Elizabeth Lewis was used to holding down the fort while Francis was away in Philadelphia being awesome. The American Revolutionary War was on. Battles were being fought all over New York and Queens farmers were conflicted. The Commander In Chief GW took a major loss in the Battle of Brooklyn and retreated. British Captain Birch, not happy with the treasonous Lewis ordered a straight bitch move. Birch sent a troop to Whitestone to destroy the crib. And I thought getting my windows broken was wack.

Elizabeth was coolheaded even as a warship launched cannons at the house. I’ve thrown some shit at people’s houses but cannon balls? That’s next level beef. Supposedly when a British soldier ripped the buckle off of Elizabeth’s shoes she scoffed, “All that glitters is not gold.” It was pinchbeck, which I had to look up, is an alloy of copper and zinc that resembles gold.

The British destroyed the Lewis home and unfortunately Elizabeth wasn’t able to hide behind her cellphone, and was kidnapped for her husband’s involvement in the revolution. Elizabeth was thrown into prison, no bed or change of clothes, and given very little to eat. Mrs. Lewis, known for a steady hand and nerve but the strongest of wills can be broken, and the whole ordeal did just that.

When GW heard the news he said, “You want to play like that, son.” Washington ordered the arrest of Mrs. Barren, an attorney general’s wife back in Philly. GW made it clear that Barren would be treated exactly the same way they treated Mrs. Lewis and the Brits were like, “Oh shit.” They immediately set up an exchange but for Elizabeth it was too late.

Francis reunited with Elizabeth in Philly. He referred to his wife as “Heaven’s best gift.” His principles cost him the love of his life. She died a few years later in 1779, succumbing the wounds inflicted during her captivity with Francis at her side.

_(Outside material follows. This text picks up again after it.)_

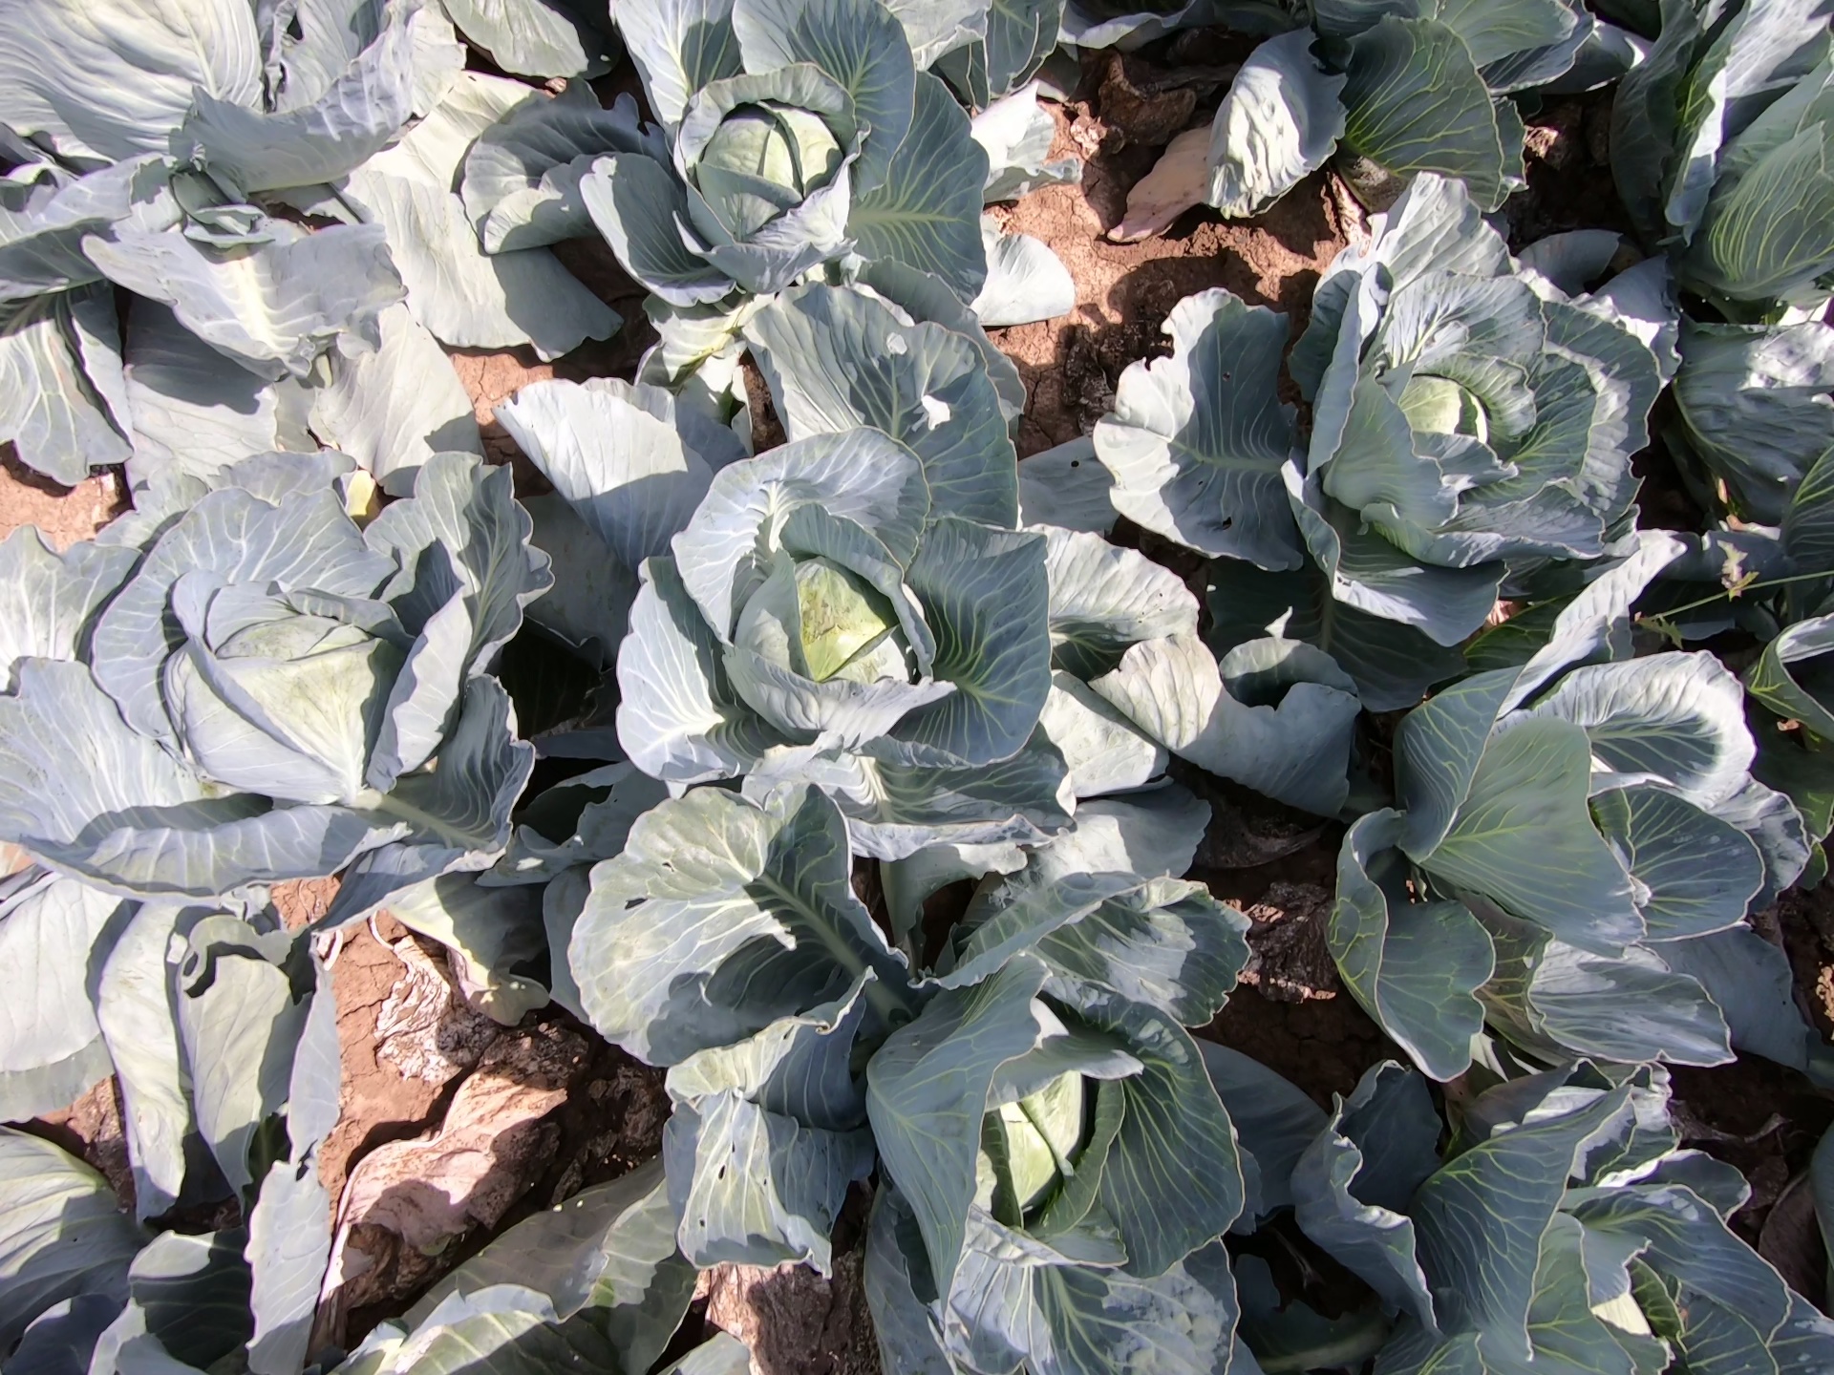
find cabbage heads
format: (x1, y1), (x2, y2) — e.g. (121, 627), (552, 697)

Lewis retired from public service two years later. His wealth which was also destroyed with his house, was never regained and he spent the remainder of his years in relative poverty. Lewis could relate to the sacrifice made by people today when they repost something political. Thank you for your service. Lewis found happiness in literature and being in the company of his children and grandchildren, and good friends.

On his deathbed Lewis was asked how he felt about the British, he spat on the floor and said, “I hate those limey motherfuckers.” He died at the age of 89 on December 31st, 1802. He is buried in the cemetery at Trinity Church, New York City’s oldest with a headstone that is unmarked except for his preferred pronouns.

Charles Goodrich, some other forgotten old guy, who was probably tougher than all of us called Lewis an excellent man and a distinguished patriot. Just remember when you think that you’re special, think all of the things Francis Lewis did without having to buy followers or promote posts, and after all he gave and lost no one really thinks about him at all. Stay humble.

2 responses to “Francis Lewis”

  1. An entertaining and sobering post. Francis Lewis rocked.

    Liked by 1 person

    1. Indeed. Thank you for reading, Priscilla. Much appreciated.